Search code examples
postgresqlherokuheroku-postgres

What's the difference between Heroku's Postgres Continuous Protection vs including a Follower database for integrity and recovery


I'm considering deploying an app to Heroku along with a Postres Standard database plan. I'm keen on ensuring data integrity and ensuring in no case that my customer's data can be lost if the database becomes corrupted or some other similar issue. I also want to ensure a smooth recovery process in tis even. So I have the following questions:

  1. First, I'm assuming with Continuos there's a still a possibility that a database can become corrupted. Is this true?

  2. What's provides more integrity, protection, and ease of recovery if a database becomes corrupted: Standard DB / with Continuos Protection or Standard DB with a Follower DB.

  3. If by chance the DB becomes corrupted, or an database integrity issues arise, how will Heroku remediate (given the database is a "managed" service). Is it automated or I have to work with Support manually to remediate?

I would love to hear your thoughts on this. My experience in the past has been with MySQL but not Postgres, which I hear great things about.

Thanks


Solution

  • Caveat: I have some experience with Postgresql, but I don't have any experience with Heroku as such.

    What Heroku calls 'Continuous Protection' and 'follower' databases are implemented using Postgresql's Continuous Archiving and streaming replication functionality. They have provided a range of administrative tools and infrastructure around these functions to make them easier to use.

    Both of these functions make use of the fact that Postgresql writes all updates that it is making to databases in a Write-Ahead Log (WAL).

    With Continuous Archiving, one takes a complete copy of all of the underlying files in the database - this is referred to as the base backup. One also collects all WAL files produced by the database, both during and after production of the base backup. Note that you do not need to stop the database in order to make the base backup - it is a fairly unobtrusive process.

    If the worst happens, and it is necessary to recover the database from the backup, you just restore the base dump, configure the database so it knows where to find the archived WAL files, and start it up.

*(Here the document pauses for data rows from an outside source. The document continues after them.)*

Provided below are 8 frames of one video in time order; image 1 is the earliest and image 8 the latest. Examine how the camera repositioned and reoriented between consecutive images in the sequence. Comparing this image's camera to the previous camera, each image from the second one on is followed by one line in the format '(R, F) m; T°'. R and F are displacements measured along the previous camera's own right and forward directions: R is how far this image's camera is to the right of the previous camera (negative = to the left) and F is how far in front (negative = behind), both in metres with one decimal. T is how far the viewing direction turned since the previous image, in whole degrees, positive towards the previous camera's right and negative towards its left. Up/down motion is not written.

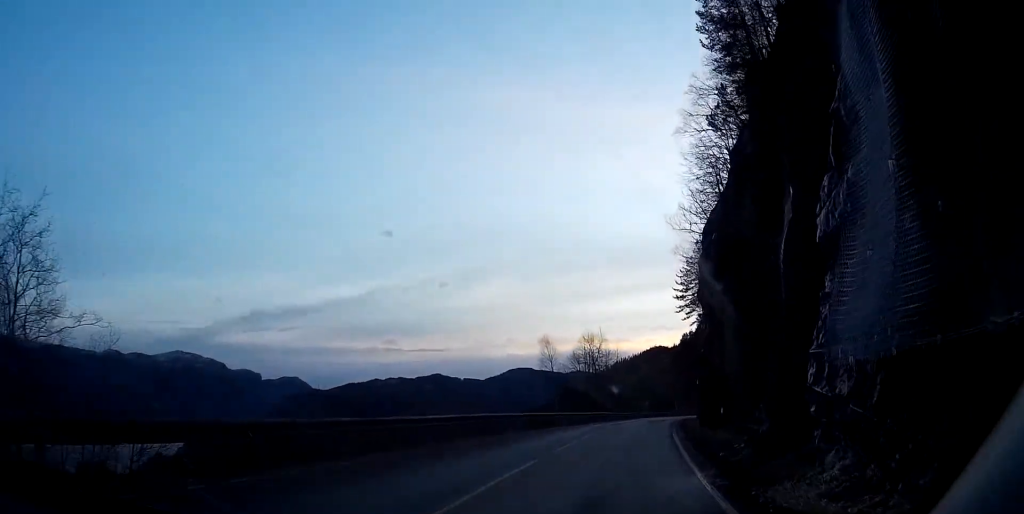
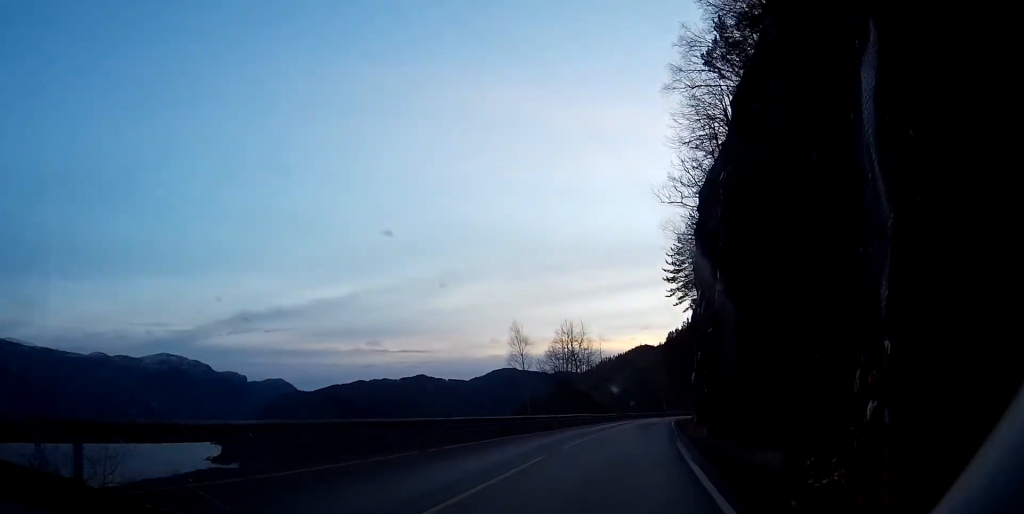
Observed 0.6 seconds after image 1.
(-0.2, +11.6) m; -1°
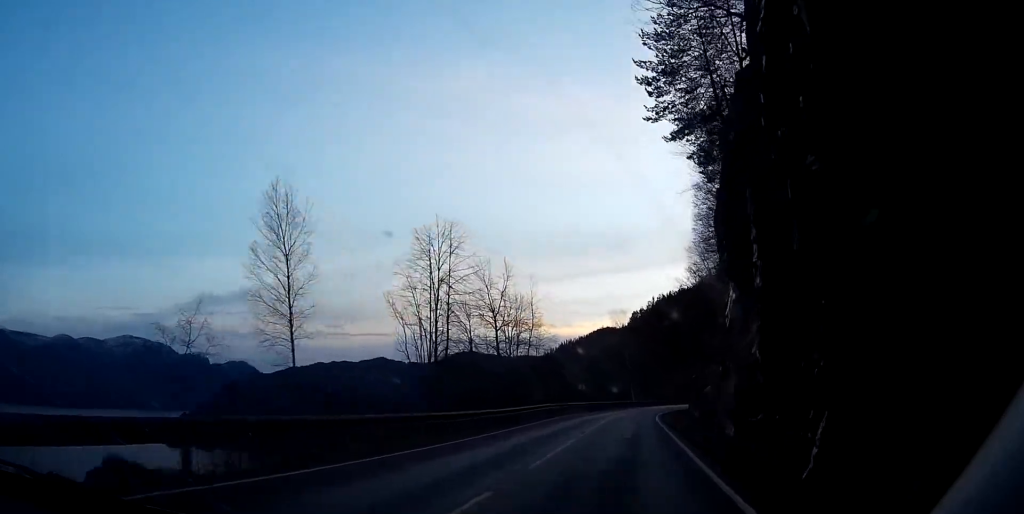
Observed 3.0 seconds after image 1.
(+4.2, +42.5) m; +14°
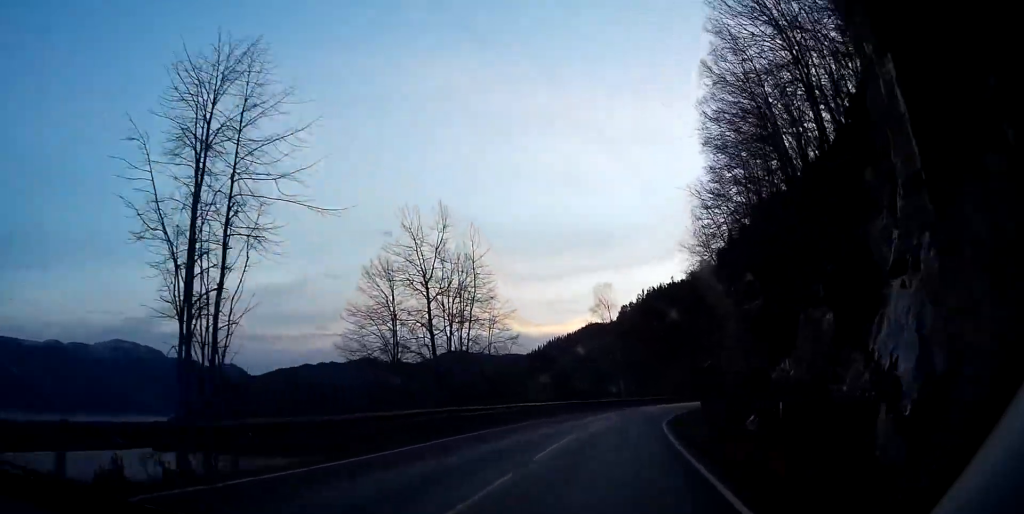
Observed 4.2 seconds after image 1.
(+0.8, +22.1) m; 0°
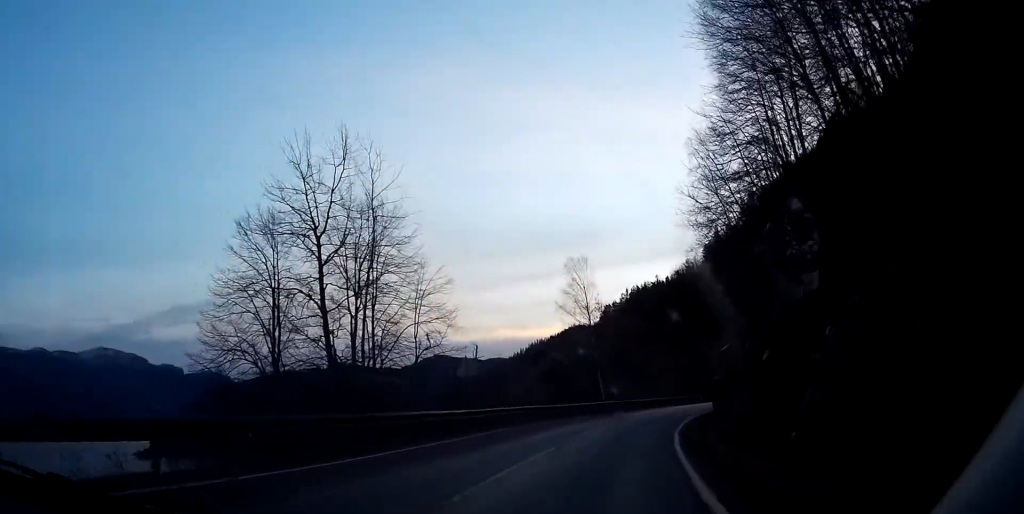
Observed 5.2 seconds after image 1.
(-0.3, +17.3) m; -1°
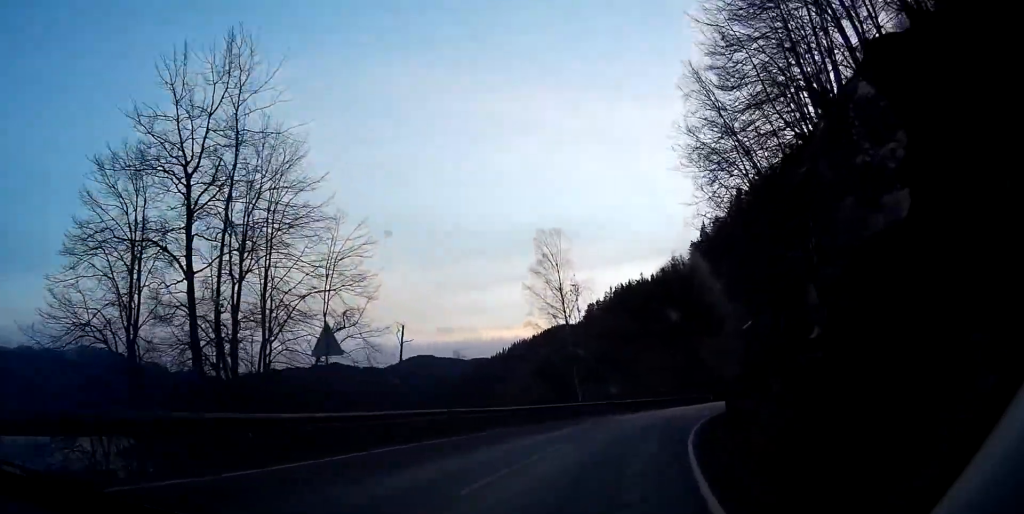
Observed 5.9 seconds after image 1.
(0.0, +11.5) m; +2°
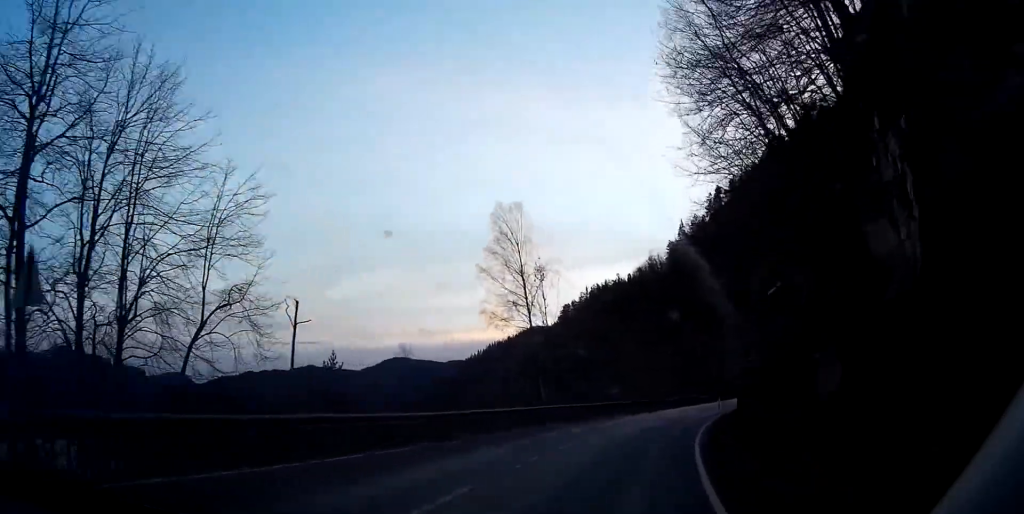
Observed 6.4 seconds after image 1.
(-0.2, +8.6) m; +2°
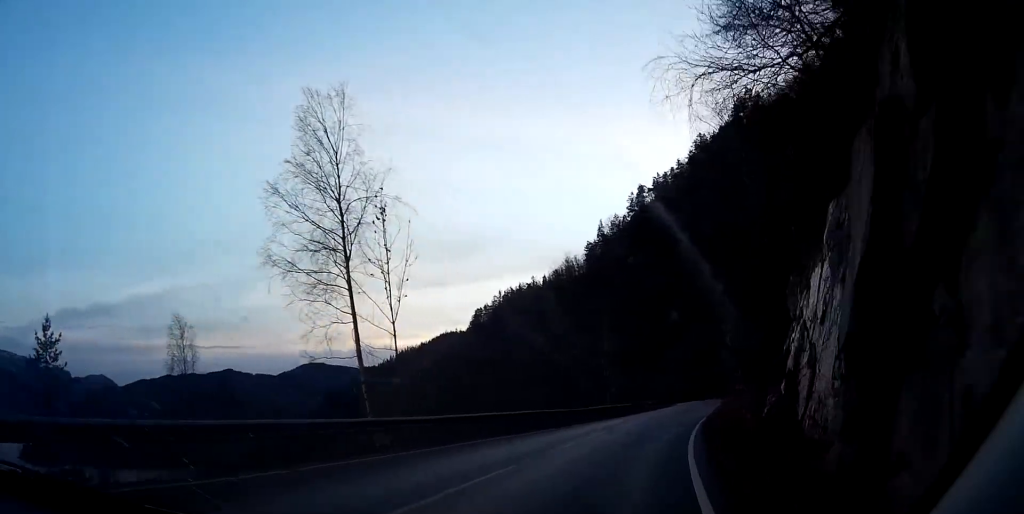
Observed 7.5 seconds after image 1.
(+1.1, +20.1) m; +6°

It will then replay the WAL files in sequence until it is fully up to date.

    Note that you can also stop the replay early. This can be extremely useful, as you will see in my answer to your first question:

    1. First, I'm assuming with Continuos there's a still a possibility that a database can become corrupted. Is this true?

    Yes, of course. Database corruption can happen for a number of reasons: hardware failure, a software fault in the database, a fault in your application, or even operator error.

    One of the benefits of continuous archiving, though, is that you can replay the WAL files up to a particular point in time, so you can effectively rewind back to the point immediately before the database became corrupted.

    As mentioned above, a Follower DB uses Postgresql's 'Streaming Replication' function. With this function, you restore your base backup onto another server, configure it to connect to the master database and fetch WAL files in real time as they are produced. The follower then keeps up to date with any changes made on the master.

    1. Whats provides more integrity, protection, and ease of recovery if a database becomes corrupted: Standard DB / with Continuos Protection or Standard DB with a Follower DB.

    Ease of recovery is the difference.

    If you have a Follower DB, it is a hot standby - if the master fails for some reason, you can switch your application over to the follower with minimal downtime. On the other hand, if you have a large database and you have to restore it from the last base backup and then replay all the WAL files produced since - well that could take a long time, days even if it was a really large database.

    Note that also, however, that a follower DB will be of no use if your database becomes corrupted due to, for example, an administrator accidentally dropping the wrong table. The table will be dropped in the follower only a few seconds later. They are like lemmings going over a cliff. The same applies if your application corrupts the database due to a bug, or a hacker, or whatever. Even with the follower, you must have a proper backup in place, either a Continuous Archive or a normal pg_dump.

    1. If by chance the DB becomes corrupted, or an database integrity issues arise, how will Heroku remediate (given the database is a "managed" service). Is it automated or I have to work with Support manually to remediate?

    Their documentation indicates that premium plans do feature automated failover. This would be useful in the event of a hardware or platform failure and most kinds of database failure, where the system can detect that the master database has gone down and initiate a failover.

    In the case where the database becomes corrupted by the application itself (or a hasty admin) then I suspect you would have to manually initiate failover.